Records from a data source
***
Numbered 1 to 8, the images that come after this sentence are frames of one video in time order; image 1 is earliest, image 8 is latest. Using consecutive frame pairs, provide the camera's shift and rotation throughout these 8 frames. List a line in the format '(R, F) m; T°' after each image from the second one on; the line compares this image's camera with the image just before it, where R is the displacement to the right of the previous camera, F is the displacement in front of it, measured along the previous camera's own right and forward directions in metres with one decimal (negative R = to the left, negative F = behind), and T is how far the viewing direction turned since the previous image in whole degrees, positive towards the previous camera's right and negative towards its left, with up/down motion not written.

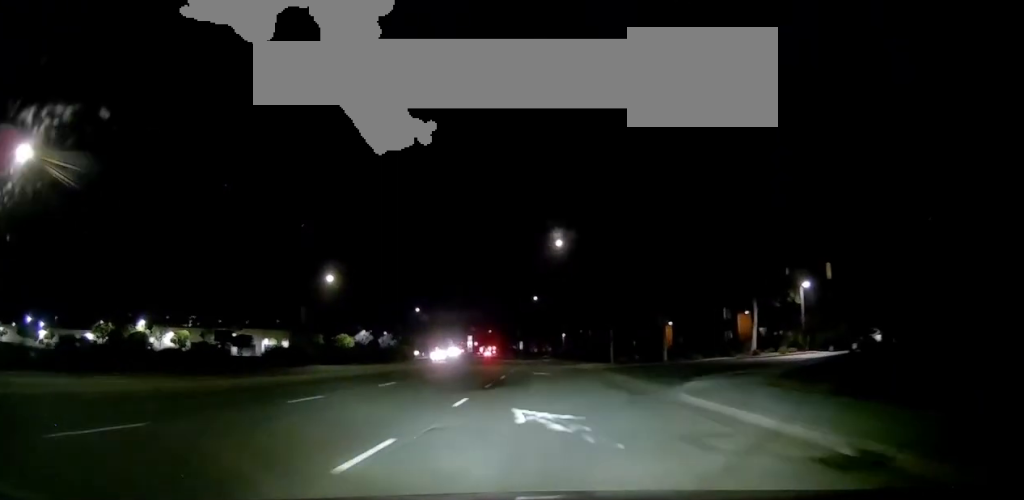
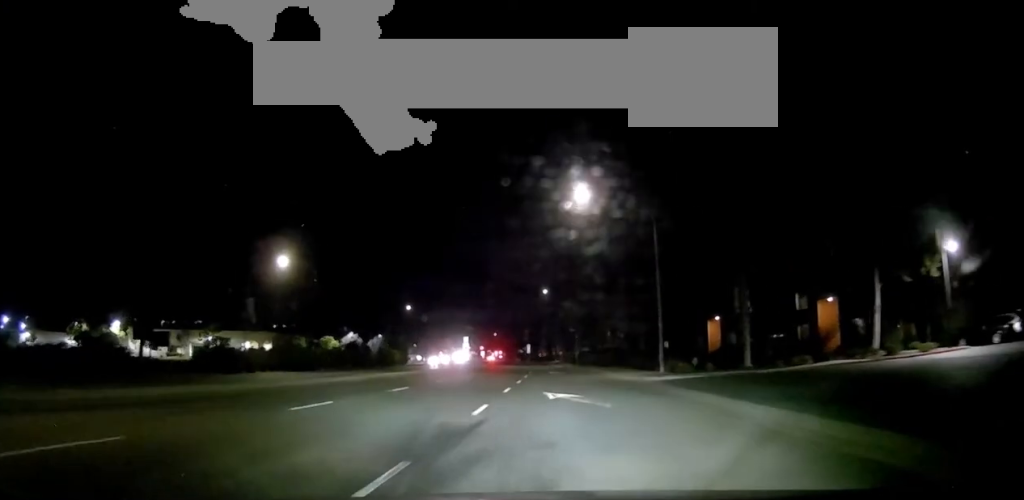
(+0.4, +14.8) m; -2°
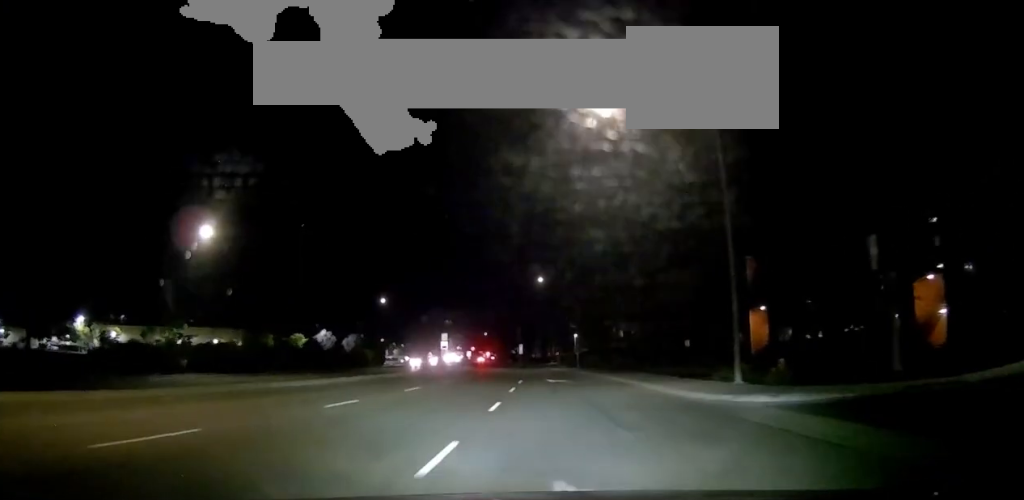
(-0.5, +13.1) m; -2°
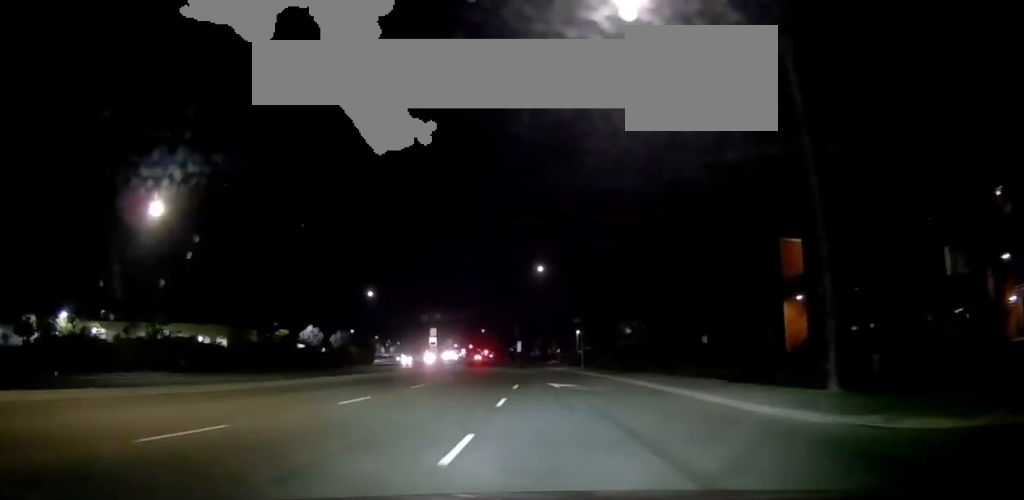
(0.0, +6.5) m; 0°
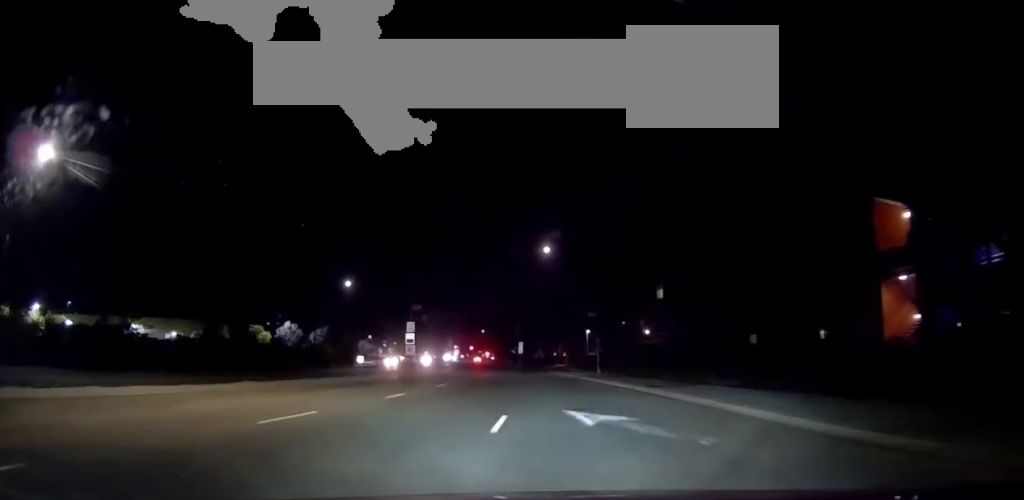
(0.0, +11.5) m; 0°
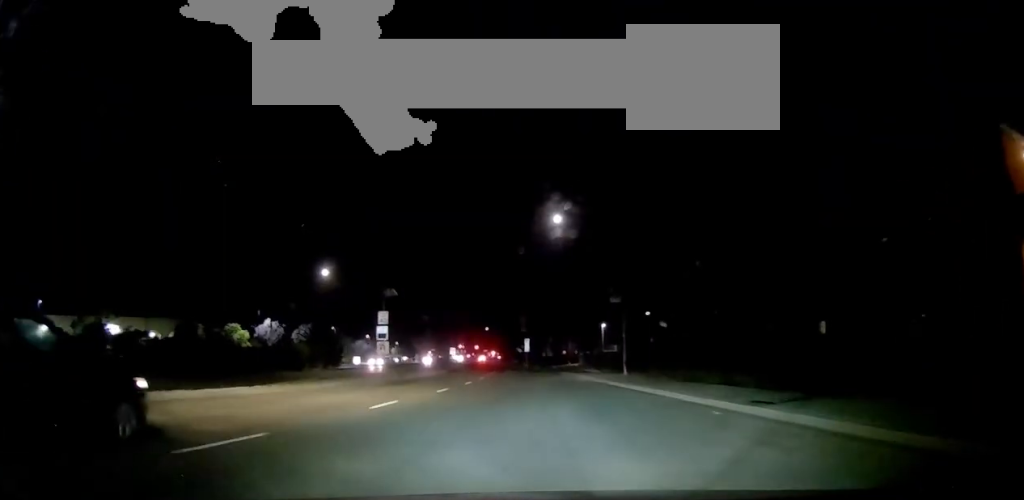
(0.0, +9.9) m; 0°
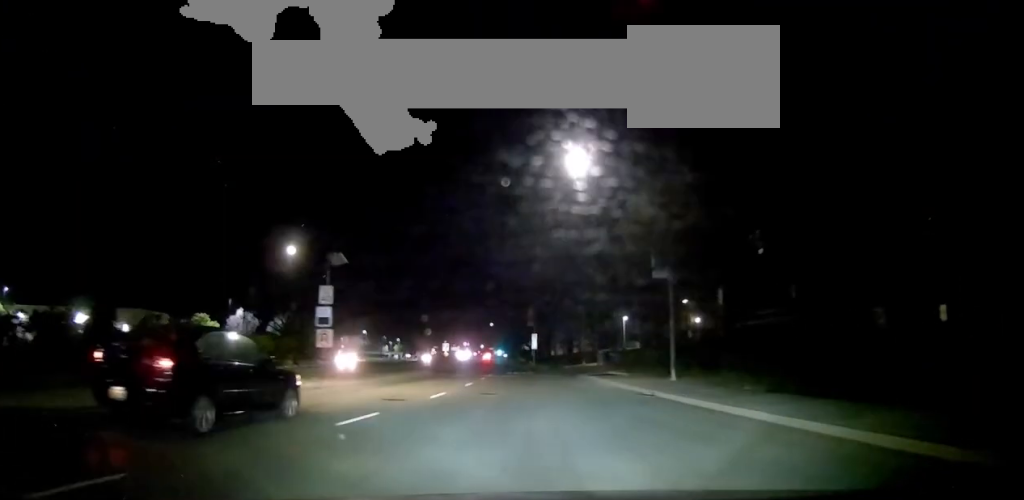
(0.0, +10.9) m; +1°
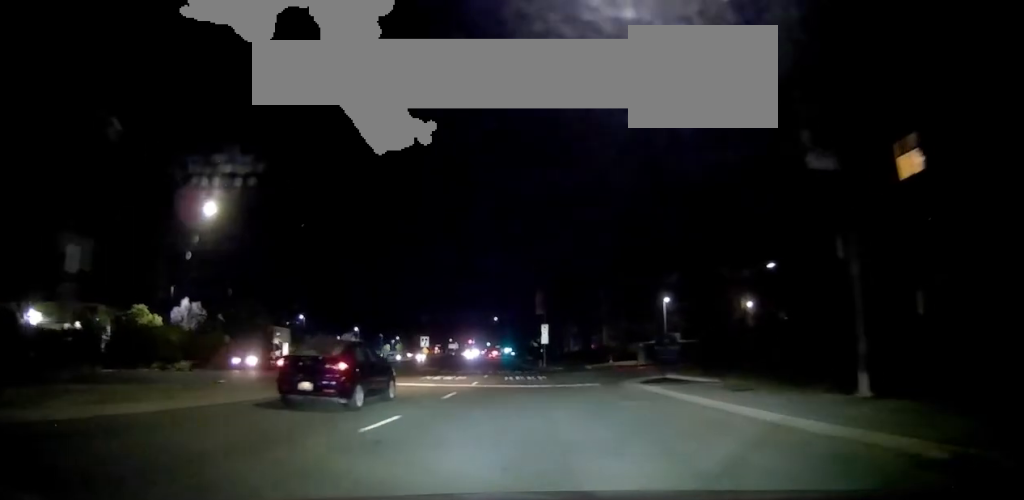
(+0.2, +15.3) m; 0°
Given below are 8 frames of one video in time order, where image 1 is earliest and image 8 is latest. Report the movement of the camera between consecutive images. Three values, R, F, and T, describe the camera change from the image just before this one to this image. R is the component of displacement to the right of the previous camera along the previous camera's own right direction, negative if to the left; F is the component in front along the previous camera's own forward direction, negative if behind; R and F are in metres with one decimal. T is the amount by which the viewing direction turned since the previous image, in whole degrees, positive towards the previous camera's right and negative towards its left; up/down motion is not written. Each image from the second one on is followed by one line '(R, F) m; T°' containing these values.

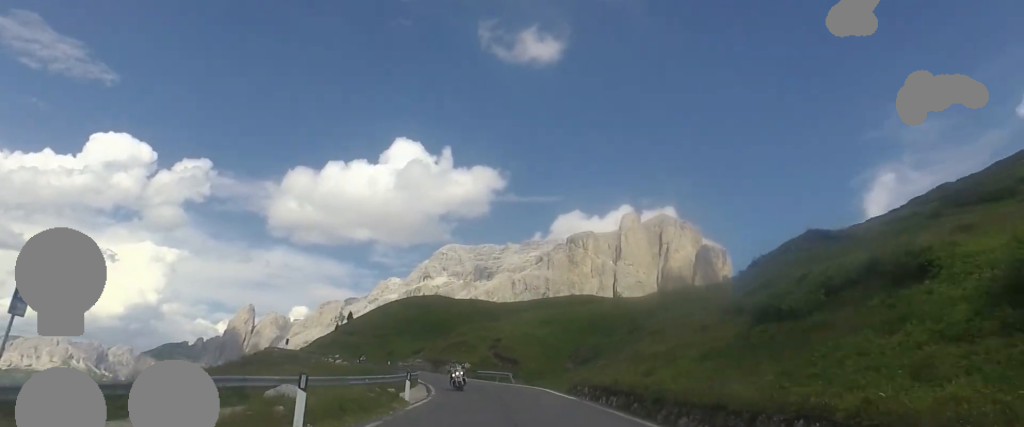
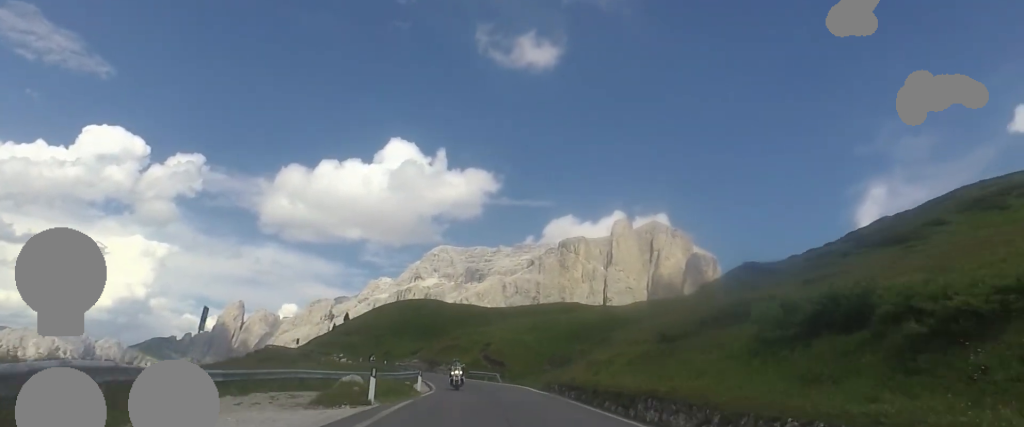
(+0.6, +6.4) m; +1°
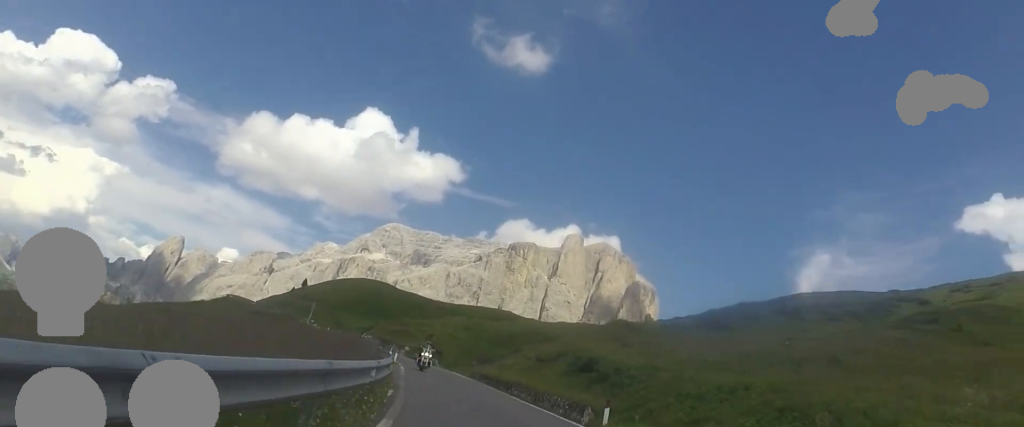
(+0.4, +16.7) m; +5°
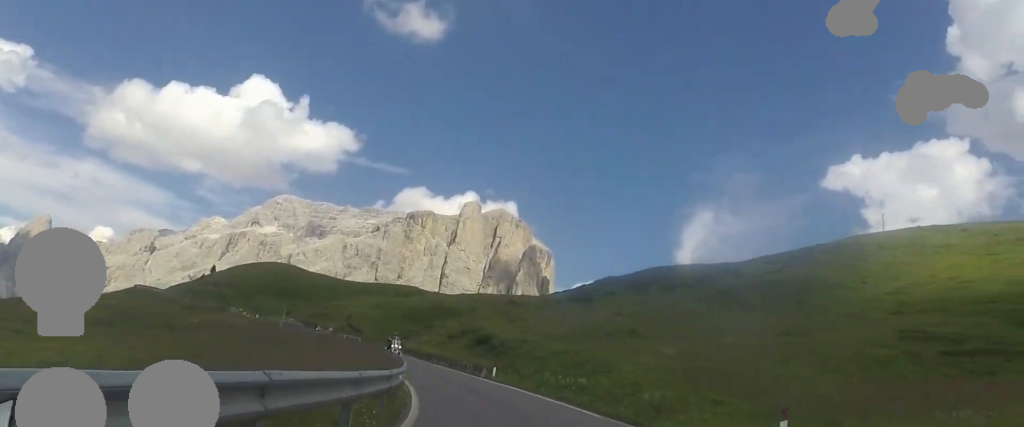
(+0.9, +12.9) m; +4°
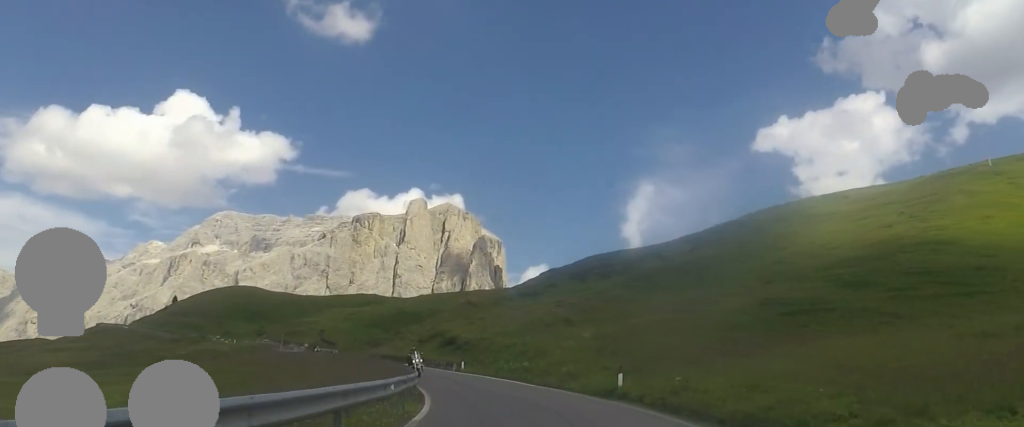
(+0.4, +9.6) m; +2°
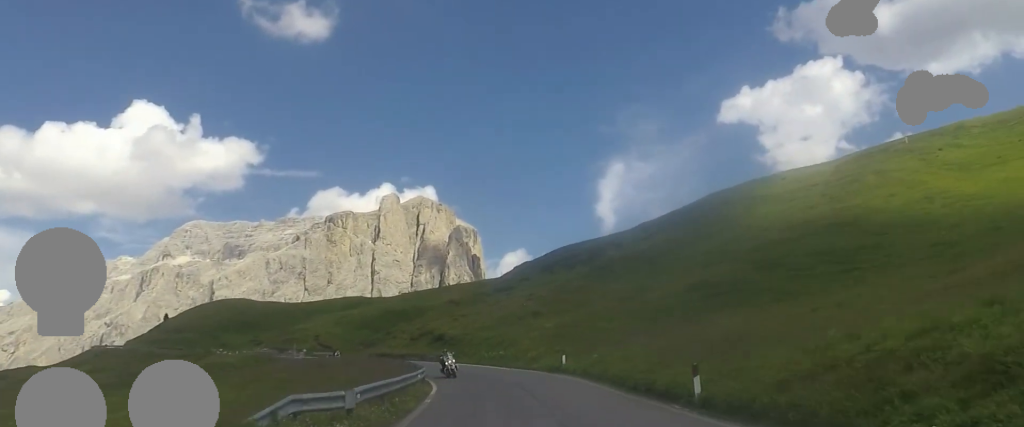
(-0.9, +9.5) m; 0°
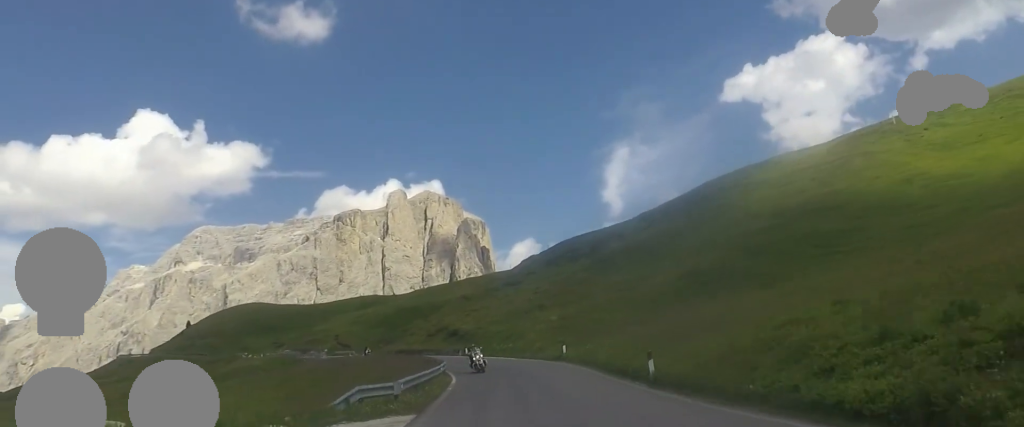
(+0.6, +4.7) m; 0°
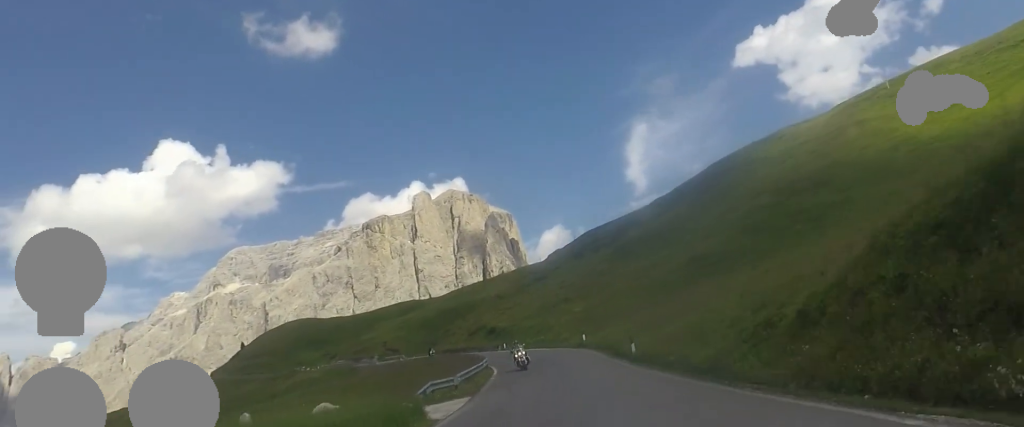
(+0.6, +7.7) m; -2°
***
What you are asked to do: If any image appears in the entries, omit it and return the rest verbatim.

Response to the task:
Numbered 1 to 8, the images that come after this sentence are frames of one video in time order; image 1 is earliest, image 8 is latest. Using consecutive frame pairs, provide the camera's shift and rotation throughout these 8 frames. List a line in the format '(R, F) m; T°' after each image from the second one on; the line compares this image's camera with the image just before it, where R is the displacement to the right of the previous camera, F is the displacement in front of it, measured along the previous camera's own right and forward directions in metres with one decimal (negative R = to the left, negative F = behind), and T is how far the viewing direction turned since the previous image in whole degrees, positive towards the previous camera's right and negative towards its left, with up/down motion not written.

(+0.4, +14.8) m; -2°
(-0.5, +13.1) m; -2°
(0.0, +6.5) m; 0°
(0.0, +11.5) m; 0°
(0.0, +9.9) m; 0°
(0.0, +10.9) m; +1°
(+0.2, +15.3) m; 0°
Given below are 8 frames of one video in time order, where image 1 is earliest and image 8 is latest. Report the movement of the camera between consecutive images. Three values, R, F, and T, describe the camera change from the image just before this one to this image. R is the component of displacement to the right of the previous camera along the previous camera's own right direction, negative if to the left; F is the component in front along the previous camera's own forward direction, negative if behind; R and F are in metres with one decimal. T is the amount by which the viewing direction turned since the previous image, in whole degrees, positive towards the previous camera's right and negative towards its left; up/down motion is not written. Each image from the second one on is followed by one line '(R, F) m; T°' containing these values.

(+0.6, +6.4) m; +1°
(+0.4, +16.7) m; +5°
(+0.9, +12.9) m; +4°
(+0.4, +9.6) m; +2°
(-0.9, +9.5) m; 0°
(+0.6, +4.7) m; 0°
(+0.6, +7.7) m; -2°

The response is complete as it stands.